--- Extracted records ---
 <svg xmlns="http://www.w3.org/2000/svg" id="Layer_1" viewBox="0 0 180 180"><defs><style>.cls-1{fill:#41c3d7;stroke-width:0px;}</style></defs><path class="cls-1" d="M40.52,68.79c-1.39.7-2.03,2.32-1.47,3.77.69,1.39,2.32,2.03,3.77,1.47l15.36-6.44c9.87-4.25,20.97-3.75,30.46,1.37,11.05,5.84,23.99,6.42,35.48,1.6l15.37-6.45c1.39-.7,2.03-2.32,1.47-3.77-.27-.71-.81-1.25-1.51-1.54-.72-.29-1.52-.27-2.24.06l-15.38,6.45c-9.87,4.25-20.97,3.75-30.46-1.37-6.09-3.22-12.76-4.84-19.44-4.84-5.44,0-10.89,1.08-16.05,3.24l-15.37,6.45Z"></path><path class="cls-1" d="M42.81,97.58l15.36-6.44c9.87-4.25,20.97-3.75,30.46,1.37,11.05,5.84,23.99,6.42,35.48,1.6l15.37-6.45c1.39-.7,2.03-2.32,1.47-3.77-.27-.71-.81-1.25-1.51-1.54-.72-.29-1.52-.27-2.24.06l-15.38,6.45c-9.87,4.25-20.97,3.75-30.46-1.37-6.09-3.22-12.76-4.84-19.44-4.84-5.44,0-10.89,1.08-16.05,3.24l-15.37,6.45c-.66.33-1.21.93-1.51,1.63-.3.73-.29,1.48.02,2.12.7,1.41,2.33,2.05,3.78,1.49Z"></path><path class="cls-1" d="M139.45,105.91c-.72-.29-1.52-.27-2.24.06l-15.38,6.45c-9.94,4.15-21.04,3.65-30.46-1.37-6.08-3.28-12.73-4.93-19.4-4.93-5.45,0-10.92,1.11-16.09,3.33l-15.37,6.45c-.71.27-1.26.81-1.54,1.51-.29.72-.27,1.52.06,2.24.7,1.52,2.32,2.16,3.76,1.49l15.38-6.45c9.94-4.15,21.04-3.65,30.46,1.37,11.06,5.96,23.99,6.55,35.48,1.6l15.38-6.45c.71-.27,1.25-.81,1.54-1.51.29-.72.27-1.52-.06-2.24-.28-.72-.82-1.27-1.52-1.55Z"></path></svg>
---
--- Extracted records ---
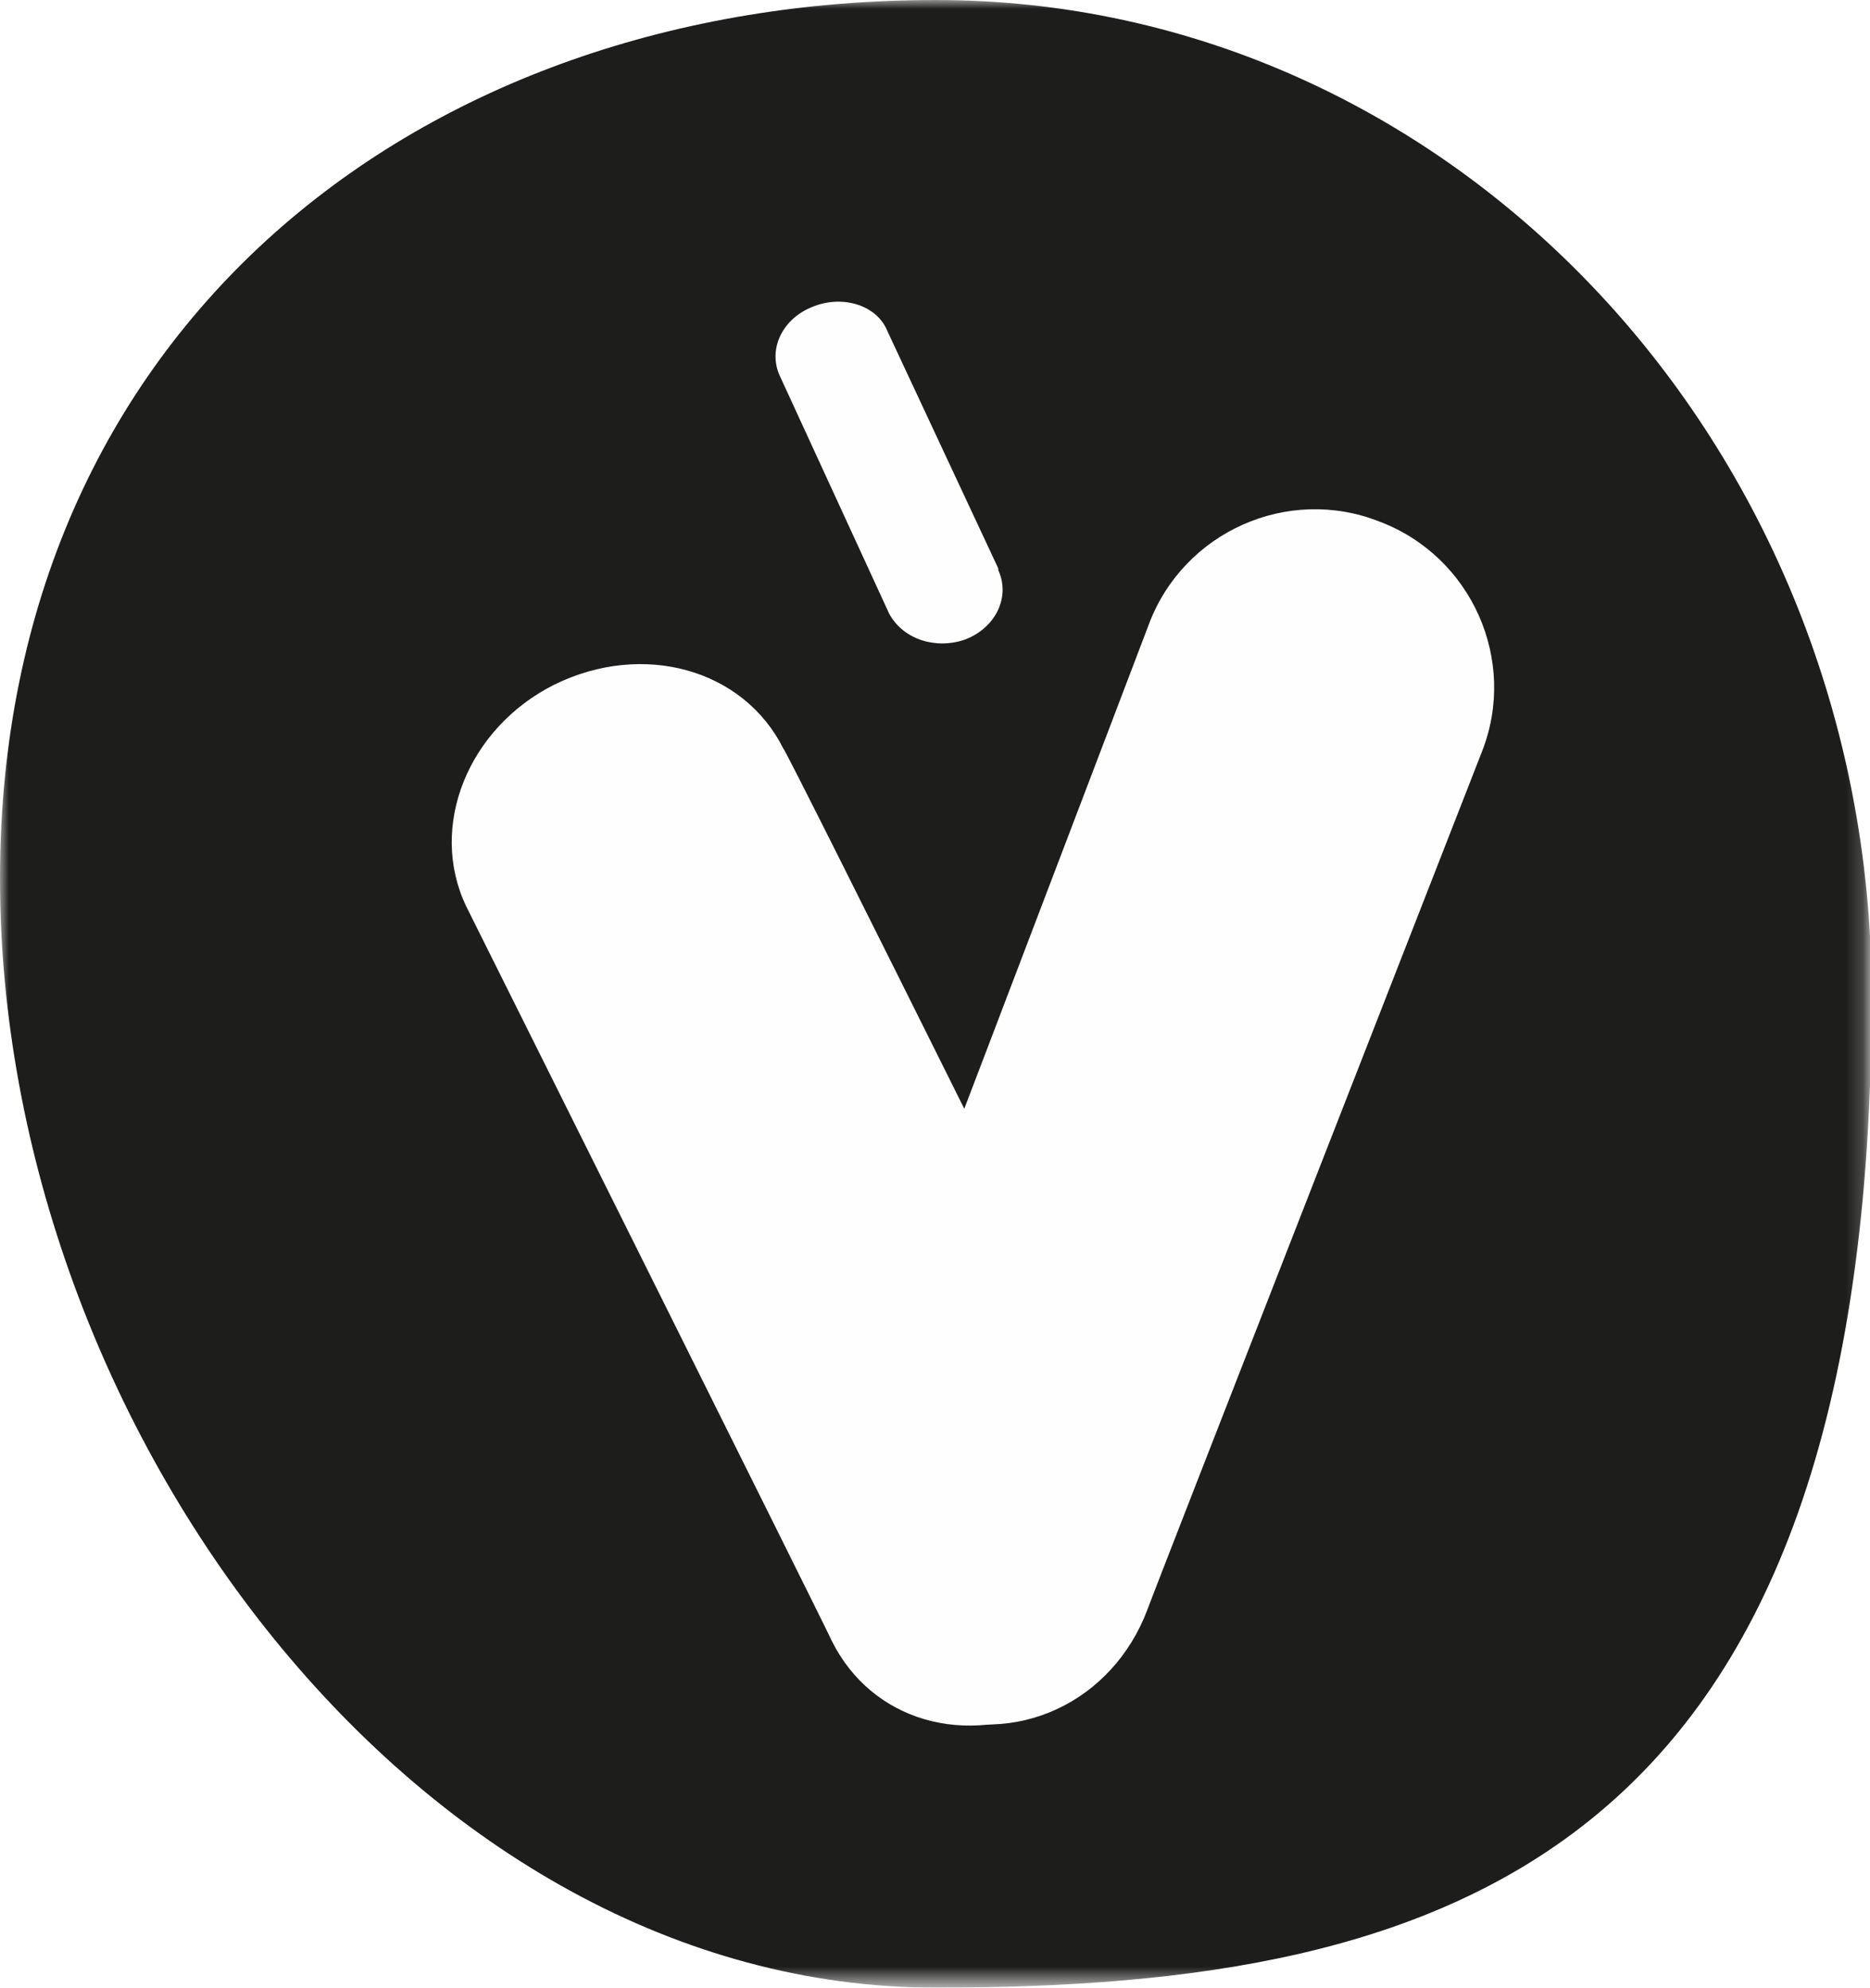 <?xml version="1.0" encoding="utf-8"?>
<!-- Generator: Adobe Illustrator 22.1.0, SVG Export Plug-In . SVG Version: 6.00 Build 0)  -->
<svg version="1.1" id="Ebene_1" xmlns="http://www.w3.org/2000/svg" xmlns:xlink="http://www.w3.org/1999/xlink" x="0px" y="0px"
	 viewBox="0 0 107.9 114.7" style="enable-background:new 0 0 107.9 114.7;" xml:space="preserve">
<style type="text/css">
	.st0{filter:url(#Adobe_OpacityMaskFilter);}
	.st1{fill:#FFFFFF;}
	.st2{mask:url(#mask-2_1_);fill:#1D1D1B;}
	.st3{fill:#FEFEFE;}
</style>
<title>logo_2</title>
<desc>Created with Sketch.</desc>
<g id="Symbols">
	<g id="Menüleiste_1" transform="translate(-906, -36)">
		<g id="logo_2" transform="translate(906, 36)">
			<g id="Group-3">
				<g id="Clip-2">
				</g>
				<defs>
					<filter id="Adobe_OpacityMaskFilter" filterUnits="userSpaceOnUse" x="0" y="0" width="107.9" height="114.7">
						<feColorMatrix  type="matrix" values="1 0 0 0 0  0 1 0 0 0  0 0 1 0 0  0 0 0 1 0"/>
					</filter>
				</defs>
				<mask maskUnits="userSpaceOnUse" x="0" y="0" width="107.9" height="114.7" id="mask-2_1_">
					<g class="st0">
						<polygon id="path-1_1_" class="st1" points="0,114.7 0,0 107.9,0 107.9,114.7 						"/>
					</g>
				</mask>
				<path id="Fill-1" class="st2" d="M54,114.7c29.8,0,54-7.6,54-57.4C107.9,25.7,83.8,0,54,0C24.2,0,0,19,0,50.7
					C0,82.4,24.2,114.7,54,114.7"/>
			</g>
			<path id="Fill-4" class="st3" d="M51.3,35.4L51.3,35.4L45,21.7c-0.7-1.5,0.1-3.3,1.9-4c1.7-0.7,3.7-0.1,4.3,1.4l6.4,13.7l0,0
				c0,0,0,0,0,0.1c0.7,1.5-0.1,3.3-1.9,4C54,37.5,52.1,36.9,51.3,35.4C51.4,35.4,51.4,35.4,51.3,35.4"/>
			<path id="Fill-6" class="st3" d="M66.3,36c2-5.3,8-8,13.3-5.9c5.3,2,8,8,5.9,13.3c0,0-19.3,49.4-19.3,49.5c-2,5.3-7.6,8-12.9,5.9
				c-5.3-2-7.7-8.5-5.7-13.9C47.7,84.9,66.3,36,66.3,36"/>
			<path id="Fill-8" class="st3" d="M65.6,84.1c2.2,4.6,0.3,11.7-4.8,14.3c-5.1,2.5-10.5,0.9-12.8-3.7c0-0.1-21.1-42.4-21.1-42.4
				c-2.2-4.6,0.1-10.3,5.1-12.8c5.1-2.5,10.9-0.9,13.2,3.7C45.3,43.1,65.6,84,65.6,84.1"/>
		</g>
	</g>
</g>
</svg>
---
What this exercise asks for is every line of the data above with the word "xmlns".

# Written answer
 <svg xmlns="http://www.w3.org/2000/svg" id="Layer_1" viewBox="0 0 180 180"><defs><style>.cls-1{fill:#41c3d7;stroke-width:0px;}</style></defs><path class="cls-1" d="M40.52,68.79c-1.39.7-2.03,2.32-1.47,3.77.69,1.39,2.32,2.03,3.77,1.47l15.36-6.44c9.87-4.25,20.97-3.75,30.46,1.37,11.05,5.84,23.99,6.42,35.48,1.6l15.37-6.45c1.39-.7,2.03-2.32,1.47-3.77-.27-.71-.81-1.25-1.51-1.54-.72-.29-1.52-.27-2.24.06l-15.38,6.45c-9.87,4.25-20.97,3.75-30.46-1.37-6.09-3.22-12.76-4.84-19.44-4.84-5.44,0-10.89,1.08-16.05,3.24l-15.37,6.45Z"></path><path class="cls-1" d="M42.81,97.58l15.36-6.44c9.87-4.25,20.97-3.75,30.46,1.37,11.05,5.84,23.99,6.42,35.48,1.6l15.37-6.45c1.39-.7,2.03-2.32,1.47-3.77-.27-.71-.81-1.25-1.51-1.54-.72-.29-1.52-.27-2.24.06l-15.38,6.45c-9.87,4.25-20.97,3.75-30.46-1.37-6.09-3.22-12.76-4.84-19.44-4.84-5.44,0-10.89,1.08-16.05,3.24l-15.37,6.45c-.66.33-1.21.93-1.51,1.63-.3.73-.29,1.48.02,2.12.7,1.41,2.33,2.05,3.78,1.49Z"></path><path class="cls-1" d="M139.45,105.91c-.72-.29-1.52-.27-2.24.06l-15.38,6.45c-9.94,4.15-21.04,3.65-30.46-1.37-6.08-3.28-12.73-4.93-19.4-4.93-5.45,0-10.92,1.11-16.09,3.33l-15.37,6.45c-.71.27-1.26.81-1.54,1.51-.29.72-.27,1.52.06,2.24.7,1.52,2.32,2.16,3.76,1.49l15.38-6.45c9.94-4.15,21.04-3.65,30.46,1.37,11.06,5.96,23.99,6.55,35.48,1.6l15.38-6.45c.71-.27,1.25-.81,1.54-1.51.29-.72.27-1.52-.06-2.24-.28-.72-.82-1.27-1.52-1.55Z"></path></svg>
<svg version="1.1" id="Ebene_1" xmlns="http://www.w3.org/2000/svg" xmlns:xlink="http://www.w3.org/1999/xlink" x="0px" y="0px"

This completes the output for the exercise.